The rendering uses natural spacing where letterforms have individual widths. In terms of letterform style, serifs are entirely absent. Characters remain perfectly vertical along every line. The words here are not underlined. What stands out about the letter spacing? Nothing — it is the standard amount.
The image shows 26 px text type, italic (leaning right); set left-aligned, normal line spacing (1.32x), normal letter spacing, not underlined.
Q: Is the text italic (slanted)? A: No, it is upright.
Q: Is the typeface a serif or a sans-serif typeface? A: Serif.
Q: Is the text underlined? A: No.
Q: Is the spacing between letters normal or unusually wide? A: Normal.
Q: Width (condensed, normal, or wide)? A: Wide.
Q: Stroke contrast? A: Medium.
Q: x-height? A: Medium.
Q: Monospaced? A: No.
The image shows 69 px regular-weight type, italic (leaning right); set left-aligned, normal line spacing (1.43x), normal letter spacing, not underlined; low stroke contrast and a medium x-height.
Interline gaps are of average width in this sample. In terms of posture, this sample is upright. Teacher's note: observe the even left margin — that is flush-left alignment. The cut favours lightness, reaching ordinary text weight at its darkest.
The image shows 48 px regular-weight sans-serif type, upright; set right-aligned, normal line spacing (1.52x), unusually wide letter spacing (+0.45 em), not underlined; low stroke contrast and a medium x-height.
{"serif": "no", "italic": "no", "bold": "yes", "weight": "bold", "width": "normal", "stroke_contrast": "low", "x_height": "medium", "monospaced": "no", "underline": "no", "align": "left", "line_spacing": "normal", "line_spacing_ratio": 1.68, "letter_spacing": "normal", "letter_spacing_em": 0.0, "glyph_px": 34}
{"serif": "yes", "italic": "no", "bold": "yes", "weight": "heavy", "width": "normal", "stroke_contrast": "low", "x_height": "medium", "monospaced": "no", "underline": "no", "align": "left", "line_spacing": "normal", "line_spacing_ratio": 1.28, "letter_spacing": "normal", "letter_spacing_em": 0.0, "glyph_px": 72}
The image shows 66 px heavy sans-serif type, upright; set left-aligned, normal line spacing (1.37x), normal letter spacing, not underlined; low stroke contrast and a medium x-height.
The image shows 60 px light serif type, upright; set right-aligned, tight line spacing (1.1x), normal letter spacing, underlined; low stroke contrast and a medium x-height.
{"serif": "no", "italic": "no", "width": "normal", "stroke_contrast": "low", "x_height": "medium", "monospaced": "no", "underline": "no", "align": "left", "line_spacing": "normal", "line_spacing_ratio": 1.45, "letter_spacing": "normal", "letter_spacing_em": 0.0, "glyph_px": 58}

----

(What you should do) All lines from the opening of the listing above through the line that contains "Q: Is the spacing" should be given again exactly, and nothing more.

(Answer box)
The rendering uses natural spacing where letterforms have individual widths. In terms of letterform style, serifs are entirely absent. Characters remain perfectly vertical along every line. The words here are not underlined. What stands out about the letter spacing? Nothing — it is the standard amount.
The image shows 26 px text type, italic (leaning right); set left-aligned, normal line spacing (1.32x), normal letter spacing, not underlined.
Q: Is the text italic (slanted)? A: No, it is upright.
Q: Is the typeface a serif or a sans-serif typeface? A: Serif.
Q: Is the text underlined? A: No.
Q: Is the spacing between letters normal or unusually wide? A: Normal.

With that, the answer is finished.